Die Porsche SE hatte ab dem Jahr 2005 ihre Beteiligung an der Volkswagen AG ausgebaut und versucht, diese zu übernehmen. Nachdem sie am 26.10.2008 ihre Absicht mitgeteilt hatte, diese Beteiligung bei stimmigen wirtschaftlichen Rahmenbedingungen im Laufe des Jahres 2009 auf über 75 % zu erhöhen, stieg der Kurs der Volkswagen-Stammaktie zeitweilig auf das Fünffache seines vorherigen Werts.
Schäden in Höhe mehrerer Milliarden Euro
Anleger, die auf fallende Kurse gesetzt hatten, erlitten hierdurch Schäden in Höhe von mehreren Milliarden Euro. Ersatz hierfür haben sie zuletzt vor dem Landgericht Hannover eingeklagt. Das Landgericht hat diese Verfahren ausgesetzt und dem OLG Celle verschiedene Vorfragen zur Entscheidung vorgelegt. Diese Feststellungsziele hat der 1. Kartellsenat des OLG Celle mit Beschluss vom 30.09.2022 (13 Kap 1/16) überwiegend zurückgewiesen und damit den Beklagten – der Porsche SE und der Volkswagen AG – Recht gegeben
Was musste Porsche veröffentlichen?
Die Kläger stützen ihre Ansprüche zum einen darauf, dass Porsche und Volkswagen den Kapitalmarkt spätestens ab März 2008 genauer über die Übernahmeabsicht und den Abschluss von Aktienoptionen zur Absicherung und Finanzierung der beabsichtigten Übernahme hätten aufklären müssen. Die Voraussetzungen dieser Ansprüche liegen nach der Entscheidung des OLG nicht vor. Porsche hatte mitgeteilt, seinen Anteil an Volkswagen im Laufe des Jahres 2008 auf über 50 % aufstocken zu wollen. Soweit Porsche die Absicht dementiert hatte, insgesamt mehr als 75 % der Aktien erwerben und einen Beherrschungs- und Gewinnabführungsvertrag schließen zu wollen, hatte es dies damit erklärt, dass dem die „Realitäten in der Aktionärsstruktur“ entgegenstünden.

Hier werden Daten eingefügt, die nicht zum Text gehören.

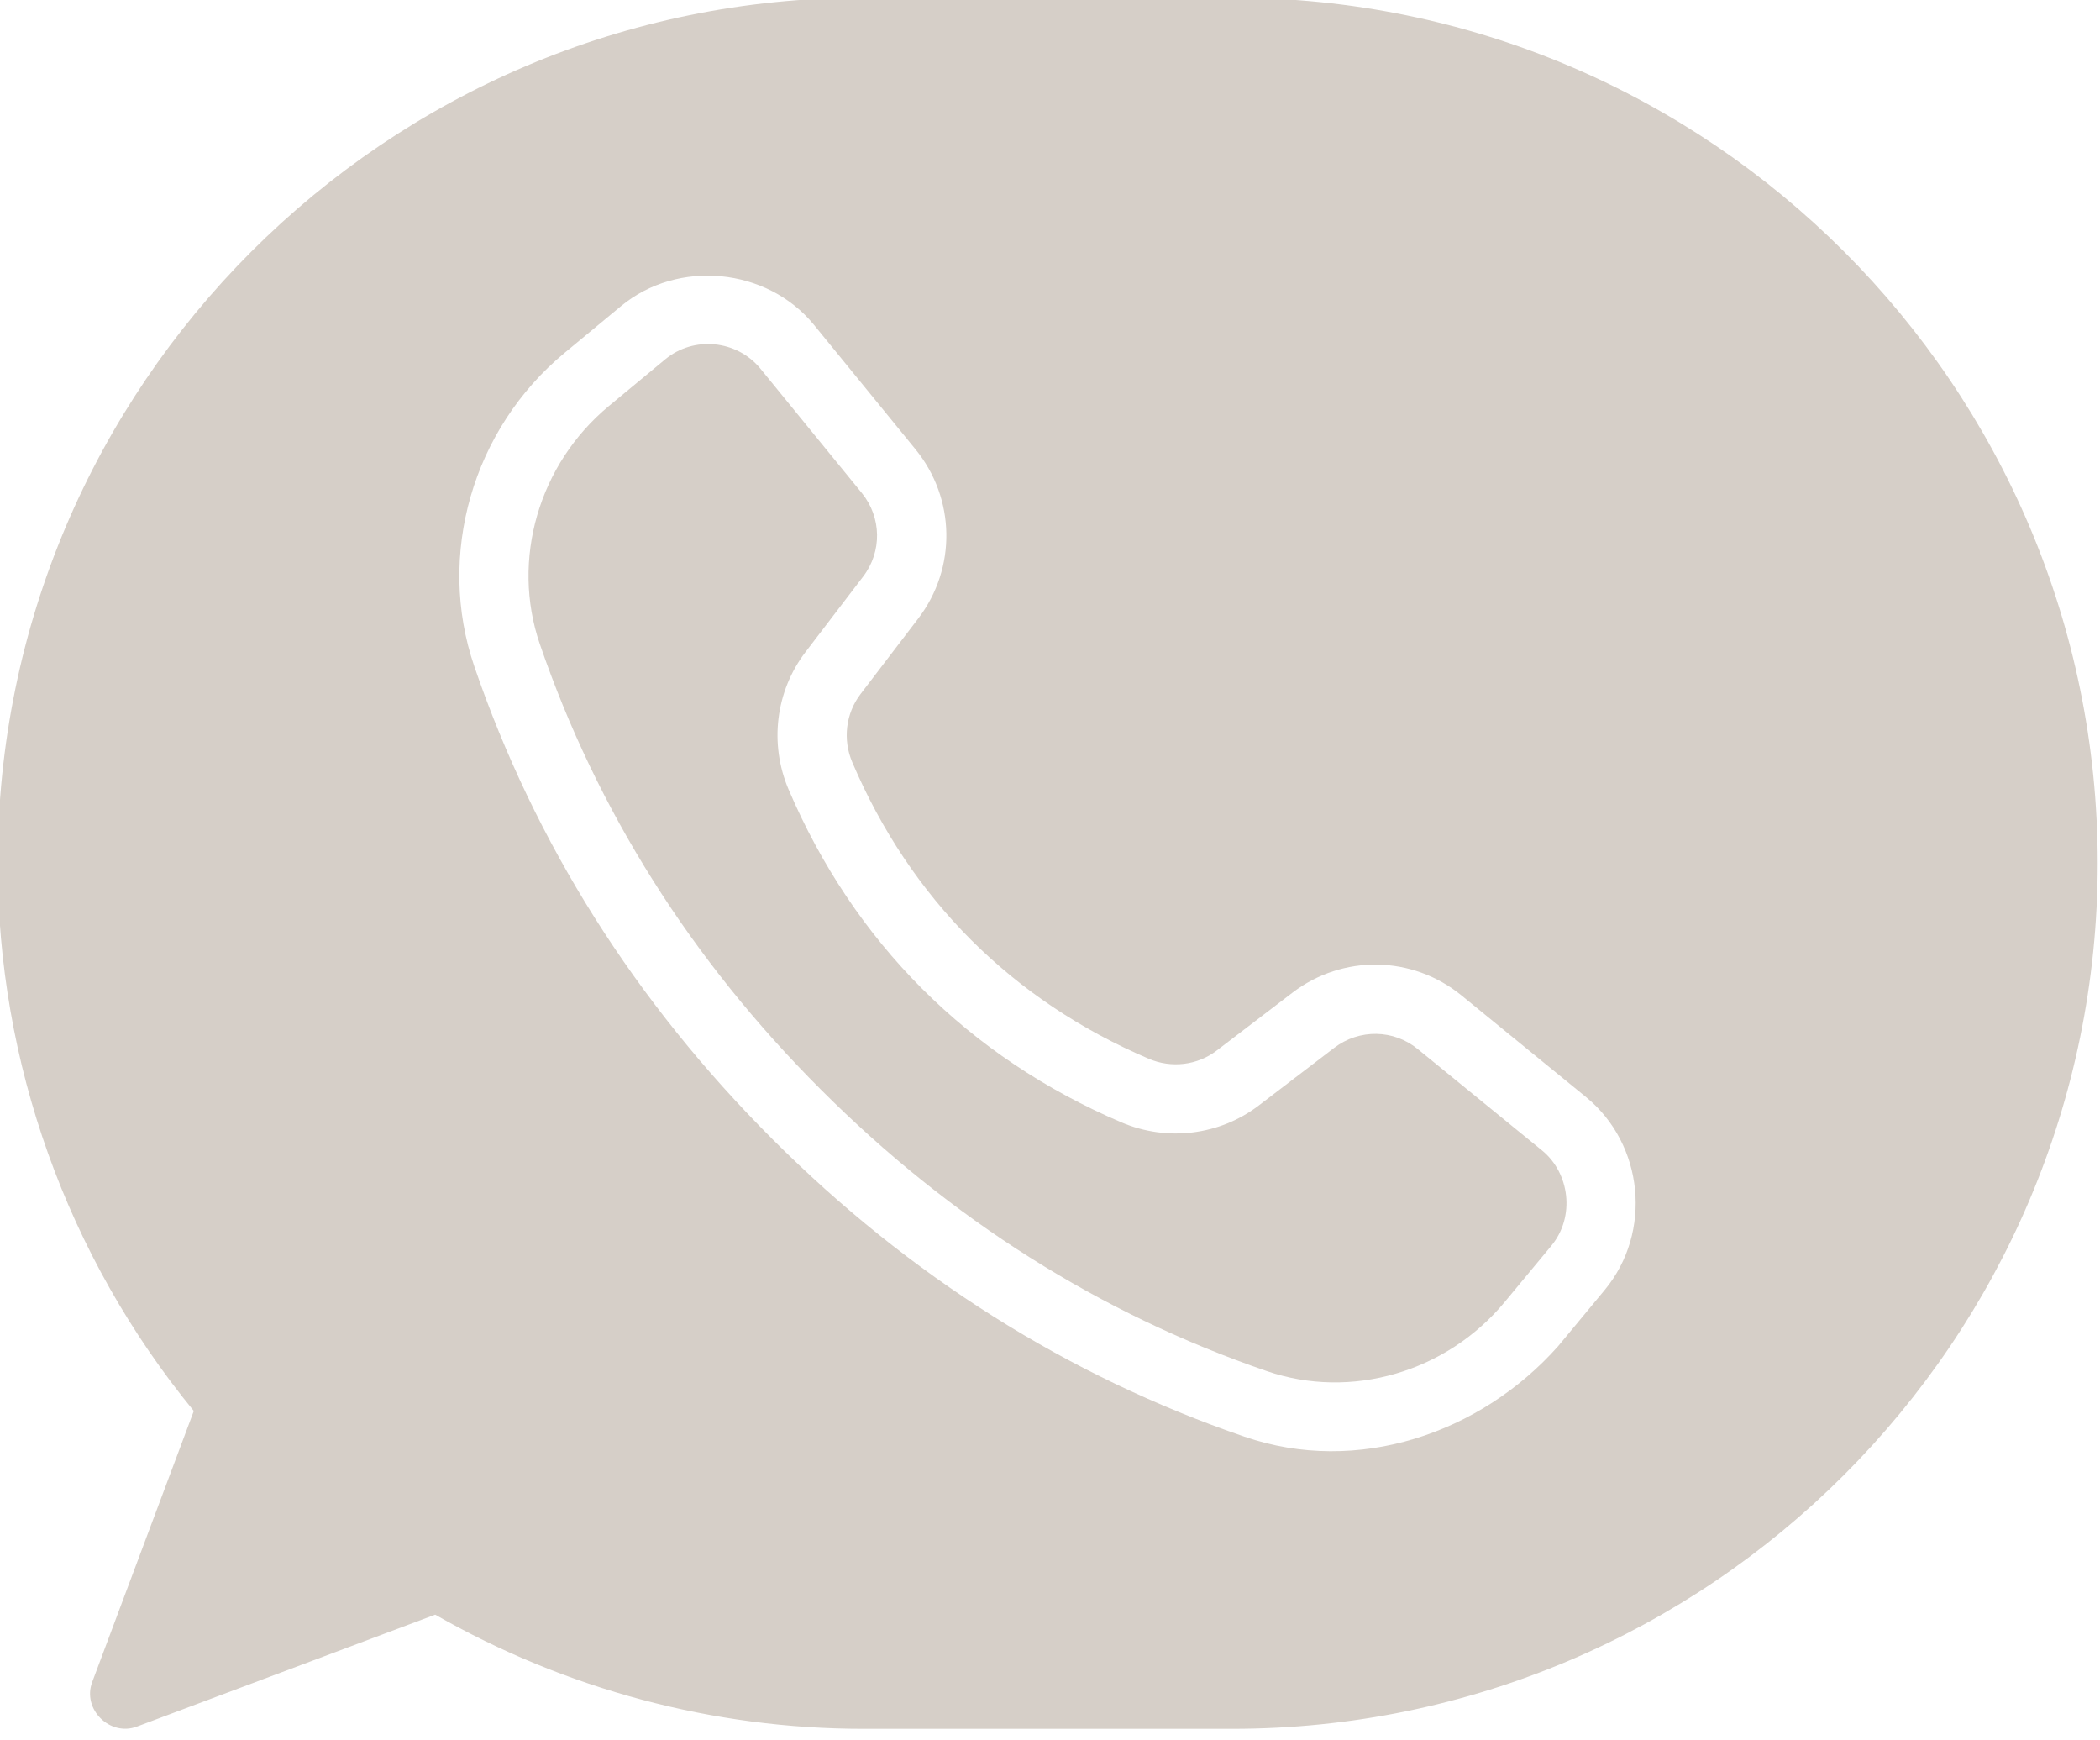 <?xml version="1.0" encoding="UTF-8" standalone="no"?><svg xmlns="http://www.w3.org/2000/svg" xmlns:xlink="http://www.w3.org/1999/xlink" fill="#d6cfc8" height="37.7" preserveAspectRatio="xMidYMid meet" version="1" viewBox="1.3 5.3 45.5 37.7" width="45.5" zoomAndPan="magnify"><g id="change1_1"><path d="M32.019,28.026c-0.524-0.43-1.269-0.44-1.809-0.029l-1.638,1.251 c-0.846,0.646-1.982,0.786-2.972,0.366c-1.646-0.702-3.101-1.676-4.32-2.895 c-1.219-1.22-2.192-2.674-2.895-4.32c-0.42-0.987-0.28-2.126,0.366-2.972l1.251-1.638 c0.412-0.539,0.4-1.283-0.029-1.809l-2.198-2.695c-0.508-0.62-1.443-0.714-2.062-0.201 c-0.002,0.002-1.22,1.011-1.22,1.011c-1.521,1.26-2.123,3.331-1.497,5.156 c1.237,3.604,3.284,6.849,6.084,9.646c2.818,2.82,6.063,4.867,9.667,6.104 c1.825,0.627,3.896,0.024,5.155-1.497l1.012-1.22c0.52-0.631,0.395-1.574-0.202-2.062 C34.704,30.217,32.019,28.026,32.019,28.026z"/><path d="M28,5.25h-8C9.661,5.25,1.25,13.661,1.25,24c0,4.322,1.506,8.519,4.249,11.865l-2.201,5.871 c-0.222,0.59,0.383,1.184,0.966,0.966l6.465-2.425C13.563,41.896,16.761,42.75,20,42.75h8 c10.339,0,18.75-8.411,18.75-18.75S38.339,5.25,28,5.25z M36.069,33.243 c-0.001,0.002-1.01,1.219-1.011,1.22c-1.68,1.89-4.347,2.801-6.797,1.958 c-3.822-1.311-7.261-3.479-10.221-6.441c-2.983-2.98-5.151-6.419-6.462-10.241 c-0.828-2.411-0.041-5.143,1.958-6.798l1.22-1.01c1.232-1.021,3.167-0.836,4.181,0.407 c0.005,0.007,2.198,2.694,2.198,2.694c0.87,1.066,0.895,2.575,0.059,3.668l-1.251,1.638 c-0.318,0.418-0.387,0.982-0.177,1.474c0.626,1.47,1.492,2.765,2.574,3.848 c1.083,1.082,2.378,1.948,3.848,2.574c0.49,0.211,1.057,0.143,1.474-0.177l1.638-1.251 c1.094-0.837,2.603-0.811,3.668,0.059l2.694,2.198C36.918,30.089,37.106,31.992,36.069,33.243z"/></g></svg>

Tatsächlich hätte ein Erwerb von 75 % der Aktien aufgrund von Besonderheiten des sog. VW-Gesetzes den Abschluss eines Beherrschungs- und Gewinnabführungsvertrags nicht ermöglicht. Auch war die Finanzierung eines derart weitgehenden Anteilserwerbs noch nicht gesichert. Vor diesem Hintergrund war es nach der Entscheidung des OLG zumindest nicht grob unrichtig und nicht verwerflich, dass Porsche mögliche weitergehende Ziele nicht veröffentlicht hatte.

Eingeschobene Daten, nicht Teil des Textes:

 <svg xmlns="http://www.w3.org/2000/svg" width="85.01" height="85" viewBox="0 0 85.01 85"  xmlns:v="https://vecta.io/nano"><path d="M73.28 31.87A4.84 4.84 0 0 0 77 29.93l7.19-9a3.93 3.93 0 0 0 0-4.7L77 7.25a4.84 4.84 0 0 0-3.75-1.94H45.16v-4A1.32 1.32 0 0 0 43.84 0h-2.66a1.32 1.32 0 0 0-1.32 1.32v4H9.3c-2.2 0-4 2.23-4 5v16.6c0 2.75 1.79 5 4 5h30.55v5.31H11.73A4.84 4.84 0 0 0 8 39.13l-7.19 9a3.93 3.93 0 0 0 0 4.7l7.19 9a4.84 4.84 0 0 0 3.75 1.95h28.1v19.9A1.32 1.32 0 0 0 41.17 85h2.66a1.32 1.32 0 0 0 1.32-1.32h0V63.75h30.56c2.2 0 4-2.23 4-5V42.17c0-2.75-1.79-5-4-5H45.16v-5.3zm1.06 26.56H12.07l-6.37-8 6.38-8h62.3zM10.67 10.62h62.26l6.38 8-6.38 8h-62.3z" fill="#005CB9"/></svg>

Veröffentlichung im Einklang mit gesetzlichen Meldepflichten
Das OLG hat eine Vielzahl weiterer Gesichtspunkte berücksichtigt, u.a.: Porsche hatte seine Beteiligung an Volkswagen im Einklang mit den gesetzlichen Meldepflichten veröffentlicht. Die von Porsche abgeschlossenen Aktienoptionen, die weitere Aktienkäufe absichern und finanzieren sollten, waren nach damaliger Rechtslage nicht offenzulegen. Dem Kapitalmarkt war aber ohnehin bekannt, dass Porsche solche Optionen in einem großen Umfang besaß. Es war auch bekannt, dass Porsche die dargestellte Sonderregelung des VW-Gesetzes politisch bekämpfte. Hieraus schlussfolgerte u.a. die Wirtschaftspresse auch ohne eine ausdrückliche Bestätigung, dass Porsche seinen Anteil an Volkswagen auf deutlich mehr als 50 % ausbauen wolle.
Volkswagen haftet bereits deshalb nicht, weil sein Vorstand keine Kenntnis von den Übernahmeplänen hatte und sämtliche Aufsichtsratsmitglieder, die diese Kenntnis aus ihrer Tätigkeit bei Porsche hatten, zur Verschwiegenheit verpflichtet waren.